É Podcast, é Portal 📰
Publicado em 4 de junho de 2025
Na madrugada desta quarta-feira (4), faleceu em São Raimundo Nonato, no interior do Piauí, a arqueóloga Niède Guidon, aos 92 anos. Reconhecida por sua atuação incansável na preservação do patrimônio arqueológico brasileiro, especialmente na região do Parque Nacional da Serra da Capivara, Niède deixa um legado científico e cultural que atravessa gerações. A causa da morte não foi informada.
Ao longo de décadas, ela foi uma das principais vozes da arqueologia brasileira, desafiando paradigmas e colocando o Brasil no centro de debates internacionais sobre o povoamento das Américas. Seus estudos no Piauí trouxeram à tona evidências de que a presença humana no continente pode ser muito mais antiga do que se supunha — algo em torno de 50 mil anos ou mais, segundo as descobertas lideradas por ela.
O Museu da Natureza publicou uma nota em reconhecimento à trajetória notável de Niède, ressaltando seu papel fundamental na pesquisa, valorização e proteção do patrimônio histórico da Serra da Capivara. Foi nessa região, onde ela escolheu viver e trabalhar, que a arqueóloga coordenou escavações cruciais para o entendimento da presença humana em solo americano.
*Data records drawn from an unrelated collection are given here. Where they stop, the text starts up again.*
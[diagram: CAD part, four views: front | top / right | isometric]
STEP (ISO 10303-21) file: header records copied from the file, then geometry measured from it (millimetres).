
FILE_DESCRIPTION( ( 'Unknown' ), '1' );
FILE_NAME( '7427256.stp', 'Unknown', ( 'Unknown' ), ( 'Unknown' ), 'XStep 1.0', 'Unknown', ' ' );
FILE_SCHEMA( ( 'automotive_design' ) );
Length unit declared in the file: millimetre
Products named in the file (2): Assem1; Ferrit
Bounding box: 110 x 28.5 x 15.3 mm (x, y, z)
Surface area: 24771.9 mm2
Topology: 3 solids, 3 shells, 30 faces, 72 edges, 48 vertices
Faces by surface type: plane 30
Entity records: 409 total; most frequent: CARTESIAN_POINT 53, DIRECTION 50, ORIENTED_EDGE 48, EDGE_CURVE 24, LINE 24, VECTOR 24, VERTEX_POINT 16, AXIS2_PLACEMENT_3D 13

Natural de Jaú (SP), nascida em 12 de março de 1933, Niède possuía dupla nacionalidade — brasileira e francesa. Graduou-se em História pela Universidade de São Paulo (USP) em 1959, e logo seguiu para a França, onde se especializou em Arqueologia Pré-Histórica na Universidade Paris 1 Panthéon-Sorbonne. Seu doutorado, concluído em 1975, teve como foco as pinturas rupestres da região de Várzea Grande, no Piauí, sob orientação do renomado antropólogo André Leroi-Gourhan.
Mais do que uma cientista, Niède foi uma defensora incansável da valorização da ciência como instrumento de transformação social. Criadora do Museu do Homem Americano, atuou durante anos para garantir recursos e estrutura à Serra da Capivara, enfrentando com coragem o abandono do poder público e mobilizando apoio nacional e internacional.
Sua luta gerou frutos: milhares de pessoas da região foram impactadas diretamente pelo seu trabalho — seja por meio da educação, da geração de empregos ou da abertura de novos horizontes para a ciência e o turismo. A Serra da Capivara, graças a ela, se transformou em um dos mais relevantes sítios arqueológicos do planeta.
Em 2023, a Universidade Federal do Piauí (UFPI) concedeu a Niède Guidon o título de Doutora Honoris Causa — reconhecimento máximo da instituição — como forma de homenagear sua vida dedicada à pesquisa, ao ensino e à preservação cultural. A honraria celebrou, entre outras conquistas, a descoberta de mais de 800 sítios arqueológicos na região e os inúmeros vestígios de povos pré-históricos catalogados sob sua liderança.
As ideias defendidas por Guidon, como a possibilidade de o homem ter chegado às Américas por rotas alternativas vindas da África, chegaram a confrontar a visão predominante na arqueologia tradicional — que defende a migração pelo Estreito de Bering, entre a Sibéria e o Alasca, há cerca de 13 mil anos. Mesmo sob críticas, ela seguiu firme, fundamentando suas teses com rigor técnico e coragem intelectual.
Uma das homenagens mais simbólicas à arqueóloga veio em forma de descoberta científica. Em 2023, pesquisadores identificaram uma nova espécie de ave na Caatinga, batizada de Sakesphoroides niedeguidonae em sua homenagem. A ave, antes confundida com a choca-do-nordeste, revelou-se geneticamente distinta. Ao saber da homenagem, Niède respondeu emocionada: “Fico lisonjeada. Ele, assim como eu, gostou da Caatinga e escolheu ficar por aqui”.
Com sua partida, o Brasil perde uma de suas mentes mais brilhantes. Mas o legado de Niède Guidon permanece — não apenas nos registros científicos ou nas paredes pintadas pelos primeiros habitantes, mas também na história viva de um país que ainda precisa aprender a valorizar suas raízes mais profundas.